Print only the lines from the top of the data through the line with "#12585 = VERTEX_POINT ( 'NONE', #10122 ) ;", both included, skipping every picture.

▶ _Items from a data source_

BEGIN

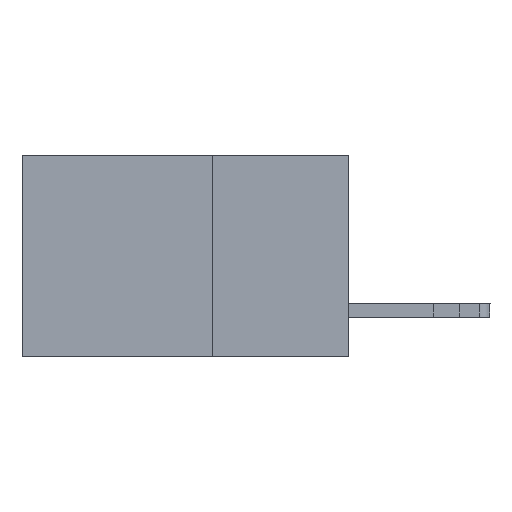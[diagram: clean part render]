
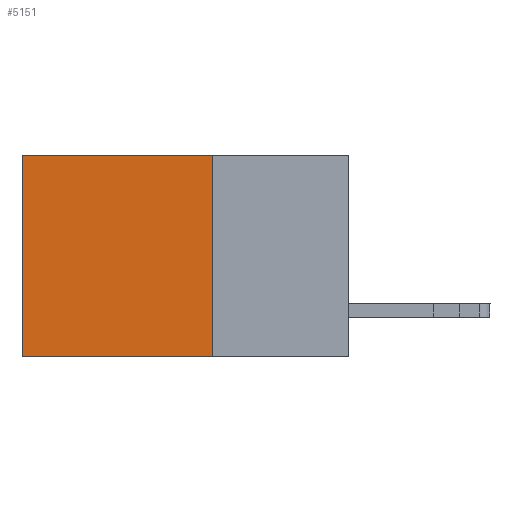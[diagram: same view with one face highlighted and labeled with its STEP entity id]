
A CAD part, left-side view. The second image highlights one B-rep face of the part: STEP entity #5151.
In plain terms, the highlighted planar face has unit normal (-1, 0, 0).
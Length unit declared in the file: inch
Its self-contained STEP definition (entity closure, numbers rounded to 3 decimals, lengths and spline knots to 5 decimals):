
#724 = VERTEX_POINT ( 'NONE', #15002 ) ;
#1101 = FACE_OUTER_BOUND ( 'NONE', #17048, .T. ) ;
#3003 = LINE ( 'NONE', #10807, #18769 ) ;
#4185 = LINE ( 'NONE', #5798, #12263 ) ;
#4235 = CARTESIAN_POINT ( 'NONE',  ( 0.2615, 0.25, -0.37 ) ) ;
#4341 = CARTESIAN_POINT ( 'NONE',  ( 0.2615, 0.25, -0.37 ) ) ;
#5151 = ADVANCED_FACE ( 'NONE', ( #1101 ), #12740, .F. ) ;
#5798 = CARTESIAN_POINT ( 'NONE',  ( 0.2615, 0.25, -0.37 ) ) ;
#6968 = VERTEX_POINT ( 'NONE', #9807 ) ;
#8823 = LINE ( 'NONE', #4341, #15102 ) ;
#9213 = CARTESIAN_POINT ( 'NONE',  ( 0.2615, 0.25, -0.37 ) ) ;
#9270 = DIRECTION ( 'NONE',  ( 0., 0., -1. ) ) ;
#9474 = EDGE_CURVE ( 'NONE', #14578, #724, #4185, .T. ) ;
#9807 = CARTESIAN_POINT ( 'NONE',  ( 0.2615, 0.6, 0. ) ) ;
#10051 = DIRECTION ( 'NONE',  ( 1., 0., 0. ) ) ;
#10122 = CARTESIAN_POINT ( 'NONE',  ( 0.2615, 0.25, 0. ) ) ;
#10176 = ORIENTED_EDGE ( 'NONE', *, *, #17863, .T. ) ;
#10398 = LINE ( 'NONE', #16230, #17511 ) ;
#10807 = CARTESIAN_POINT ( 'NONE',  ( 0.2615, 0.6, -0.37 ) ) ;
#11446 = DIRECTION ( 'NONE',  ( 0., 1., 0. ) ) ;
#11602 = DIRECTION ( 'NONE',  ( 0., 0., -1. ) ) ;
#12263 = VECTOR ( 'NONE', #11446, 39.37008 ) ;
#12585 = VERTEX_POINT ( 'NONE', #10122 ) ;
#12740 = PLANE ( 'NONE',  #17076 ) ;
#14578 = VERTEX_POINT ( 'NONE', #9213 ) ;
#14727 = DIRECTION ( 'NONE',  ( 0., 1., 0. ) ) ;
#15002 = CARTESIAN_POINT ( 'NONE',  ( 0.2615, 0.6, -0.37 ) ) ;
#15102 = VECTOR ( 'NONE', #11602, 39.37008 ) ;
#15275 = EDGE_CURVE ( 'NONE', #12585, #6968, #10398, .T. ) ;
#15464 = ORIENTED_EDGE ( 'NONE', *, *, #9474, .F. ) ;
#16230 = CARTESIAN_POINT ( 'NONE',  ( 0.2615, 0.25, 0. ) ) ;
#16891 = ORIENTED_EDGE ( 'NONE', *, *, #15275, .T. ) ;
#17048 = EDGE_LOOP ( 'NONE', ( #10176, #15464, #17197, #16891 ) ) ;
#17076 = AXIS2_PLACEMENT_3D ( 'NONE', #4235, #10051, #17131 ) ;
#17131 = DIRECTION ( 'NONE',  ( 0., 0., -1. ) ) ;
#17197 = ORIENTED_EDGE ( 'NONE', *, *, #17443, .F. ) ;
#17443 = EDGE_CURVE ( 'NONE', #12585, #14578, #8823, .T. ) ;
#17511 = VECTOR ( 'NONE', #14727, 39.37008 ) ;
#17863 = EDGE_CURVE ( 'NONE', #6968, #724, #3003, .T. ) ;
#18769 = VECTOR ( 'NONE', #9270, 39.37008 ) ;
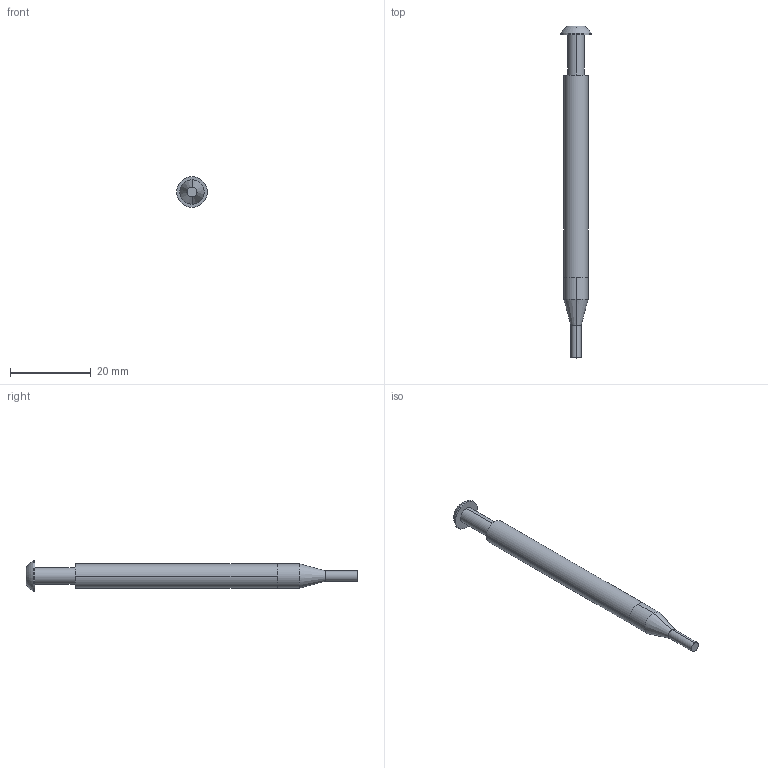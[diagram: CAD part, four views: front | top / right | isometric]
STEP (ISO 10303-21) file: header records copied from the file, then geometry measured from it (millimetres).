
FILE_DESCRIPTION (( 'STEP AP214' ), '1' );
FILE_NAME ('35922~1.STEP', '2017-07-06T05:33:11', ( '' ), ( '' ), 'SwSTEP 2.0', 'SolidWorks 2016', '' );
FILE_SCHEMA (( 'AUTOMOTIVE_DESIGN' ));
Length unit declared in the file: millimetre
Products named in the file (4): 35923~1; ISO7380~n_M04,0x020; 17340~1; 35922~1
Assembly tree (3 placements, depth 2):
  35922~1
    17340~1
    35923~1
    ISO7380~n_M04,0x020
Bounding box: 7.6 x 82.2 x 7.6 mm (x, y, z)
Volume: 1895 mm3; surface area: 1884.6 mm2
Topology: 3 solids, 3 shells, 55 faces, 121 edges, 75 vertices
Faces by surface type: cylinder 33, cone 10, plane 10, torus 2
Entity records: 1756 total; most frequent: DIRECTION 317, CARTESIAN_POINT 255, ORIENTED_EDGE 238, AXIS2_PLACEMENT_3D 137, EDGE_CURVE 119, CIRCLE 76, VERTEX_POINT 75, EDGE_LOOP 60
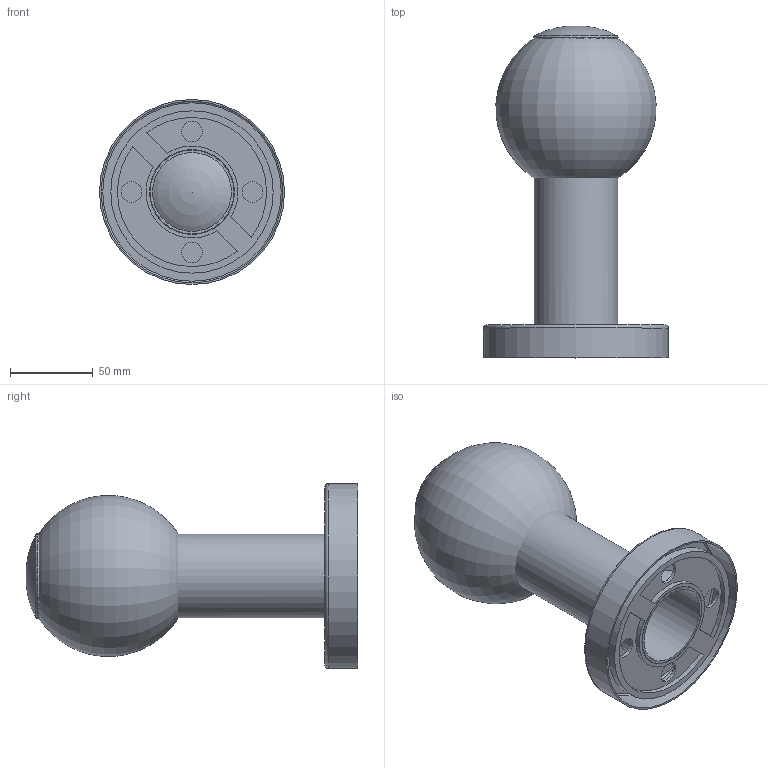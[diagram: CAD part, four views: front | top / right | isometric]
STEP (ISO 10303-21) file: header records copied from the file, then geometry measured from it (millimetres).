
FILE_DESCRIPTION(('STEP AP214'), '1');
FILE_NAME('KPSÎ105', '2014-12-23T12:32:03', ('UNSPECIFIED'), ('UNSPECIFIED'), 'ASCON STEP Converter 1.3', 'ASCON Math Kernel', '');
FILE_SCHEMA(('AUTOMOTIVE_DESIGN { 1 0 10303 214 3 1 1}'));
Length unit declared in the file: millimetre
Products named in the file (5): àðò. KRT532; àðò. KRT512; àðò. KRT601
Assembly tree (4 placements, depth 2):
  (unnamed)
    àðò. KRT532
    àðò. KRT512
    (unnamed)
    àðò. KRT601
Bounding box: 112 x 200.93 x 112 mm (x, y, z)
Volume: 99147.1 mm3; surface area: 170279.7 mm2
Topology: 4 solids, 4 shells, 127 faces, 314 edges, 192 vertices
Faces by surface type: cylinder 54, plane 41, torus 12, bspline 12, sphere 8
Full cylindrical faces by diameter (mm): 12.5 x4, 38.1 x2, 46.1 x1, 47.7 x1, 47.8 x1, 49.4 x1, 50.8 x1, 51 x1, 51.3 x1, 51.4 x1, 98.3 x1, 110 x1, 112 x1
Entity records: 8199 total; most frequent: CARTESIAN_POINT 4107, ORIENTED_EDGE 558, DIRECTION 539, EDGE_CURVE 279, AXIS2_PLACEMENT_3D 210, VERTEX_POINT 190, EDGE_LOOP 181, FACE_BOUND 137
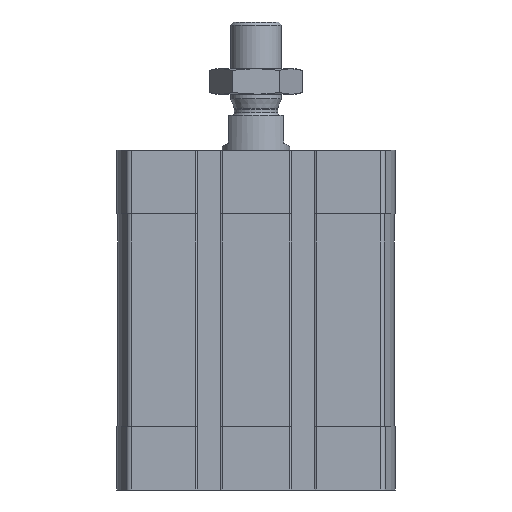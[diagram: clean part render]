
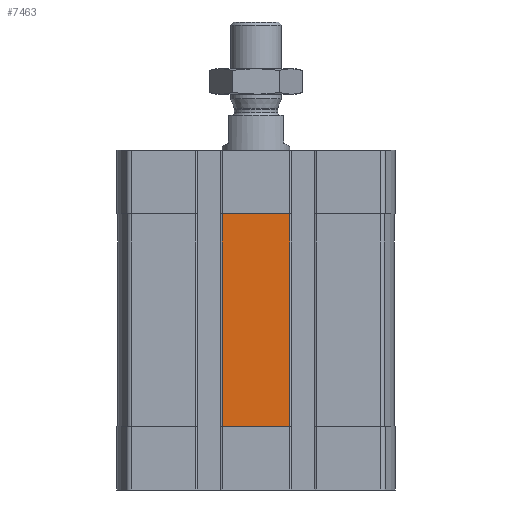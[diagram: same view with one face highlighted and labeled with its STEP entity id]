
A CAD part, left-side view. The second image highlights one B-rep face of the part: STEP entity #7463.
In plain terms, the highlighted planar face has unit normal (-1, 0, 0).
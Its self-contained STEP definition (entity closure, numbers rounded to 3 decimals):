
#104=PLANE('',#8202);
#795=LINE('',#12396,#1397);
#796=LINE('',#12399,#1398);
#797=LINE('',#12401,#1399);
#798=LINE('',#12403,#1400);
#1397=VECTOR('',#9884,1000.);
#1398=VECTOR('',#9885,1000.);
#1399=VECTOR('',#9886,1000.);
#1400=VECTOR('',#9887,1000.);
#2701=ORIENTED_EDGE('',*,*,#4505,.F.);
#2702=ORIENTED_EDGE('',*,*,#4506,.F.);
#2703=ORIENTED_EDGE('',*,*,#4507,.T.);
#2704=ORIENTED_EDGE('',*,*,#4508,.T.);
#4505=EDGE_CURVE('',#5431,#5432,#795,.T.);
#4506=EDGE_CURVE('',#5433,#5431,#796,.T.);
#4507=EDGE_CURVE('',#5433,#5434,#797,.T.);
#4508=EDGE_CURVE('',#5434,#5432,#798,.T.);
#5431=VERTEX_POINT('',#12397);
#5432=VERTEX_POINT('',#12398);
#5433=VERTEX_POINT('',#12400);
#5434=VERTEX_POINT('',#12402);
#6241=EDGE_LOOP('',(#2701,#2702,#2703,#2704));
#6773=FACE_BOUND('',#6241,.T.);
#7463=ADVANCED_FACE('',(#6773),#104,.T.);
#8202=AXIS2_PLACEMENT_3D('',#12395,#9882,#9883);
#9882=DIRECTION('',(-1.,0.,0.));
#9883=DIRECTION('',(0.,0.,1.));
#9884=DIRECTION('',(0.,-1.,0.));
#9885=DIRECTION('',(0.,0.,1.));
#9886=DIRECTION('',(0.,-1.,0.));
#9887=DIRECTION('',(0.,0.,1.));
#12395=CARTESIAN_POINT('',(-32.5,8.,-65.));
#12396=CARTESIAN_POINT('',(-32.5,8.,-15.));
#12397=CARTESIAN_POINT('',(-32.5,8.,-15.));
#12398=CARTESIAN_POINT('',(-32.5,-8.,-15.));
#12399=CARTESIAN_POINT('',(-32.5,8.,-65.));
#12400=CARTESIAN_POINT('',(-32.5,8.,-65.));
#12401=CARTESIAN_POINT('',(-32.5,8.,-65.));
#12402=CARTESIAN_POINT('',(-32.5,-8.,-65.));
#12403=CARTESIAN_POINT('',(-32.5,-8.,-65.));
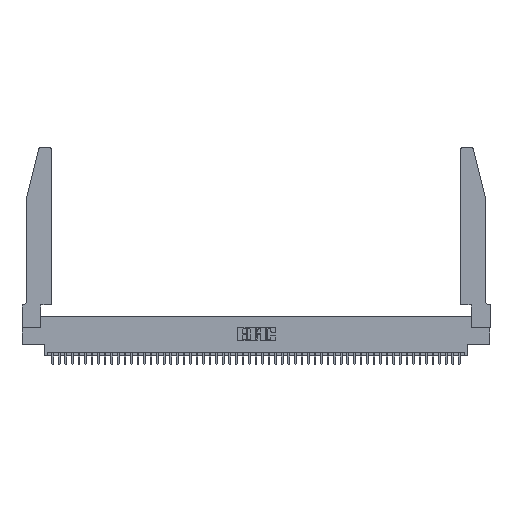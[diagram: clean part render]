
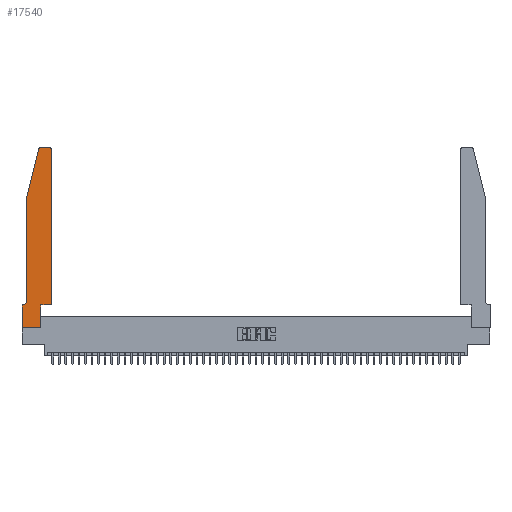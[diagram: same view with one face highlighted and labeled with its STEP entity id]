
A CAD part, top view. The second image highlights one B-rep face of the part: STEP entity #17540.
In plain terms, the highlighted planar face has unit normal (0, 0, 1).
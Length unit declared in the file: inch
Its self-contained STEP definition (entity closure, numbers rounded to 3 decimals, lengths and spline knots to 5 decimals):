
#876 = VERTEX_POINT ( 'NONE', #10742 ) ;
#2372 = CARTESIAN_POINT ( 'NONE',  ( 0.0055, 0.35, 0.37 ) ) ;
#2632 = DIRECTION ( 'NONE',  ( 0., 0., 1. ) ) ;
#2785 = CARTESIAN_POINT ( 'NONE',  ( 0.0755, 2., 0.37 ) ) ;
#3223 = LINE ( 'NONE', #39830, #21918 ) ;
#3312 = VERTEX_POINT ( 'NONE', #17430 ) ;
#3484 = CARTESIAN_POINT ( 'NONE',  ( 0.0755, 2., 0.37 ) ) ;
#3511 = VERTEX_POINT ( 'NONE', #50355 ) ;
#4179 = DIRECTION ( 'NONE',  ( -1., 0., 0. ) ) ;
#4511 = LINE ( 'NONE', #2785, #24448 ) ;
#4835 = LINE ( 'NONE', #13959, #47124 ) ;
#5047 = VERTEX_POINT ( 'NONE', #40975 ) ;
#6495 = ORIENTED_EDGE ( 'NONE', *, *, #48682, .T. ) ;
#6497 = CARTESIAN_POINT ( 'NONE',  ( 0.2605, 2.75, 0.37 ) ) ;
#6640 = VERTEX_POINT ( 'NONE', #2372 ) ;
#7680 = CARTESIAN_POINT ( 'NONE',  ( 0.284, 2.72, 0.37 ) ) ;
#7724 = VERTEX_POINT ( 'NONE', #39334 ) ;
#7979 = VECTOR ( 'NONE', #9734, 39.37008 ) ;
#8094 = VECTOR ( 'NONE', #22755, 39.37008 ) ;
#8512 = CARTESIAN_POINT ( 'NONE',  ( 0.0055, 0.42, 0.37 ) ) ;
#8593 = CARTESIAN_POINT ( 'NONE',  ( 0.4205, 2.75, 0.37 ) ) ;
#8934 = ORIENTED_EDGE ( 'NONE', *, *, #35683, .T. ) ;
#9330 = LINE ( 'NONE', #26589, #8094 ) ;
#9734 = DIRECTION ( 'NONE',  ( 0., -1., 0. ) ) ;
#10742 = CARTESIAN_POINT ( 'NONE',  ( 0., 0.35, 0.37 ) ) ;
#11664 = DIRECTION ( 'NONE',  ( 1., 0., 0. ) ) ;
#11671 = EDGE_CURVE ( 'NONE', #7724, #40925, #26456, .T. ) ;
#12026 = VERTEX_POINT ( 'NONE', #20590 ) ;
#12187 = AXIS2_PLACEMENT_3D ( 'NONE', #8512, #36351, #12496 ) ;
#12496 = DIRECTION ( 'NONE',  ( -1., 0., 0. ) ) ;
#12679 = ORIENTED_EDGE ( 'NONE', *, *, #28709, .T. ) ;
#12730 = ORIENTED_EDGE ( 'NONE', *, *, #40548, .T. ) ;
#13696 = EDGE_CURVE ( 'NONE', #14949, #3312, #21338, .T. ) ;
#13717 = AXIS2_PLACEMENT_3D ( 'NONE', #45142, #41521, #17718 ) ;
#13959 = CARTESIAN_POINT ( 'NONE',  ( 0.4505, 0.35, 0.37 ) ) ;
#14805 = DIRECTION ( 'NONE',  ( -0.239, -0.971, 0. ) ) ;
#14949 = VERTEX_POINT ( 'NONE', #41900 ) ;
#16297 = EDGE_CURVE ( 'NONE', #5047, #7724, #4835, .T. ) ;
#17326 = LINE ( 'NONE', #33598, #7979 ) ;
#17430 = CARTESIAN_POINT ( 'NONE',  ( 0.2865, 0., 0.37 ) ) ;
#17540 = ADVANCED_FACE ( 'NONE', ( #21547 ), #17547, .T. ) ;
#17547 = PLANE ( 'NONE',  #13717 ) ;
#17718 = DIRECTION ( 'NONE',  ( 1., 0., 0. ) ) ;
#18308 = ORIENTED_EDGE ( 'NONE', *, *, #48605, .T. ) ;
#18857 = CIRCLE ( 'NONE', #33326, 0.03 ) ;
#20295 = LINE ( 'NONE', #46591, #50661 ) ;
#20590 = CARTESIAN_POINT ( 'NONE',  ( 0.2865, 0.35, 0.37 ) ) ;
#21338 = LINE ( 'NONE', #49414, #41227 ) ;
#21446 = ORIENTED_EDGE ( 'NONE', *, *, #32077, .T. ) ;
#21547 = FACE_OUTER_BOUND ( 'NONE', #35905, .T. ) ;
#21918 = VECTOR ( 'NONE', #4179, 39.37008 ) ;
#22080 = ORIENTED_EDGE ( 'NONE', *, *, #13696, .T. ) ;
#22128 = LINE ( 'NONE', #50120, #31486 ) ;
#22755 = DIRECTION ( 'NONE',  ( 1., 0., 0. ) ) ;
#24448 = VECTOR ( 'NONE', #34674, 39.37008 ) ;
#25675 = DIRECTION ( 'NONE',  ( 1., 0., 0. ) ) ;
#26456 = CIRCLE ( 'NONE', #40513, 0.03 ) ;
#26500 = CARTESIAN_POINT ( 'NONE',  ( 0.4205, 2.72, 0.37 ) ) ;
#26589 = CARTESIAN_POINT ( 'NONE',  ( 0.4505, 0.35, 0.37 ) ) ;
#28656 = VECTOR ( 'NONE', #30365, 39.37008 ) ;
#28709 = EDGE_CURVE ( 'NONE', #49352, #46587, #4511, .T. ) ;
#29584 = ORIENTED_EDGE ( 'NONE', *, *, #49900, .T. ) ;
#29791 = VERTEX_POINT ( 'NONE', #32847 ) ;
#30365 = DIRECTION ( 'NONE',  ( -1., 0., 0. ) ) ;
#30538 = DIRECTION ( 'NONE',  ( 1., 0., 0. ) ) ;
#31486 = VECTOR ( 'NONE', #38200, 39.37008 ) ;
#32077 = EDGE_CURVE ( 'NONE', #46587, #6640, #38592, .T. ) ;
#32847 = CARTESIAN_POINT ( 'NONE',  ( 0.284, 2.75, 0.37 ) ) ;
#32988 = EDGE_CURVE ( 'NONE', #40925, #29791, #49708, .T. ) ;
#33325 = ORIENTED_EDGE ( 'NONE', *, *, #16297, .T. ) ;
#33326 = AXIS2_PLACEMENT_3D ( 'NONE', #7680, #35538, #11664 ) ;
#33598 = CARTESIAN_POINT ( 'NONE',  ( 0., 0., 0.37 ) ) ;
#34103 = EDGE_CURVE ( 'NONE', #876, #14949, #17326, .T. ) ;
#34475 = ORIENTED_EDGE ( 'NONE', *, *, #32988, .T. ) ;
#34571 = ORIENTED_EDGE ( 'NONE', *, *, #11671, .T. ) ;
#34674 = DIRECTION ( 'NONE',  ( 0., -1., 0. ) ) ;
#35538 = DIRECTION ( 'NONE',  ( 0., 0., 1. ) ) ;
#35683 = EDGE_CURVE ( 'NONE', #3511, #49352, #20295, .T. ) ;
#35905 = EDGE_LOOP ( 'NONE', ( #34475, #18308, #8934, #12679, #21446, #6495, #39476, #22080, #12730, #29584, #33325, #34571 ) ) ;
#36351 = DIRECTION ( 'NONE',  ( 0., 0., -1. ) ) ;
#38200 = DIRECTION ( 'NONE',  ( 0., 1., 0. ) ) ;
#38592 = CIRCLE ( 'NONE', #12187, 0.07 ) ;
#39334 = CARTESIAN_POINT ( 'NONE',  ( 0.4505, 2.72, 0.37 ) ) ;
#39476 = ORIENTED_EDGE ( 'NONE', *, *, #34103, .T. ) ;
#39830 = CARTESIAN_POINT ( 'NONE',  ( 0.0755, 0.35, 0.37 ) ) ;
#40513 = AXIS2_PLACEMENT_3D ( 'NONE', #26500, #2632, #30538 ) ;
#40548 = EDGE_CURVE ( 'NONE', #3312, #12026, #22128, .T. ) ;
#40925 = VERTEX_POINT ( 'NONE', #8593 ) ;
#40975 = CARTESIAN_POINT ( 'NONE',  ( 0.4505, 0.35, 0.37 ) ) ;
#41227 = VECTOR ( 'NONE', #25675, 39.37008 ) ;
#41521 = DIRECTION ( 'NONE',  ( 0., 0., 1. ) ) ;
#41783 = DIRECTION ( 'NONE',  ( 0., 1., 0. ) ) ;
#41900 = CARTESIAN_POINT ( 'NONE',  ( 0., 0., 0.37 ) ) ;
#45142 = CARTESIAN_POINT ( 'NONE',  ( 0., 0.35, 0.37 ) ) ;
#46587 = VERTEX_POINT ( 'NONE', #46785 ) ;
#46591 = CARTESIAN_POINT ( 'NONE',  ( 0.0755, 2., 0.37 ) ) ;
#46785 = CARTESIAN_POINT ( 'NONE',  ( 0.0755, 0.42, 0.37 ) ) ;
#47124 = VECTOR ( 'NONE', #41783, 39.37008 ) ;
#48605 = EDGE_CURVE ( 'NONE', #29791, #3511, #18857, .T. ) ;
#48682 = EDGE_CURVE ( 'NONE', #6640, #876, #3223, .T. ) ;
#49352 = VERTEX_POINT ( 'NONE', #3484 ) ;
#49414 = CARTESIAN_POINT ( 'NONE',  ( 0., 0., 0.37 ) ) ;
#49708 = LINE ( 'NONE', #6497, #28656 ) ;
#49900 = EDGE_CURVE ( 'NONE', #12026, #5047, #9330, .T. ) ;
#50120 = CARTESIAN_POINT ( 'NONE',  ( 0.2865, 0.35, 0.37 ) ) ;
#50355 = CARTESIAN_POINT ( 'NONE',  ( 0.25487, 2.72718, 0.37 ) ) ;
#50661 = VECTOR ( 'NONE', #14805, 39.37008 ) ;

END

▶ _RESPONSE TO THIS EXERCISE_
[diagram: clean part render]
[diagram: same view with one face highlighted and labeled with its STEP entity id]
A CAD part, left-side view. The second image highlights one B-rep face of the part: STEP entity #5151.
In plain terms, the highlighted planar face has unit normal (-1, 0, 0).
Length unit declared in the file: inch
Its self-contained STEP definition (entity closure, numbers rounded to 3 decimals, lengths and spline knots to 5 decimals):
#724 = VERTEX_POINT ( 'NONE', #15002 ) ;
#1101 = FACE_OUTER_BOUND ( 'NONE', #17048, .T. ) ;
#3003 = LINE ( 'NONE', #10807, #18769 ) ;
#4185 = LINE ( 'NONE', #5798, #12263 ) ;
#4235 = CARTESIAN_POINT ( 'NONE',  ( 0.2615, 0.25, -0.37 ) ) ;
#4341 = CARTESIAN_POINT ( 'NONE',  ( 0.2615, 0.25, -0.37 ) ) ;
#5151 = ADVANCED_FACE ( 'NONE', ( #1101 ), #12740, .F. ) ;
#5798 = CARTESIAN_POINT ( 'NONE',  ( 0.2615, 0.25, -0.37 ) ) ;
#6968 = VERTEX_POINT ( 'NONE', #9807 ) ;
#8823 = LINE ( 'NONE', #4341, #15102 ) ;
#9213 = CARTESIAN_POINT ( 'NONE',  ( 0.2615, 0.25, -0.37 ) ) ;
#9270 = DIRECTION ( 'NONE',  ( 0., 0., -1. ) ) ;
#9474 = EDGE_CURVE ( 'NONE', #14578, #724, #4185, .T. ) ;
#9807 = CARTESIAN_POINT ( 'NONE',  ( 0.2615, 0.6, 0. ) ) ;
#10051 = DIRECTION ( 'NONE',  ( 1., 0., 0. ) ) ;
#10122 = CARTESIAN_POINT ( 'NONE',  ( 0.2615, 0.25, 0. ) ) ;
#10176 = ORIENTED_EDGE ( 'NONE', *, *, #17863, .T. ) ;
#10398 = LINE ( 'NONE', #16230, #17511 ) ;
#10807 = CARTESIAN_POINT ( 'NONE',  ( 0.2615, 0.6, -0.37 ) ) ;
#11446 = DIRECTION ( 'NONE',  ( 0., 1., 0. ) ) ;
#11602 = DIRECTION ( 'NONE',  ( 0., 0., -1. ) ) ;
#12263 = VECTOR ( 'NONE', #11446, 39.37008 ) ;
#12585 = VERTEX_POINT ( 'NONE', #10122 ) ;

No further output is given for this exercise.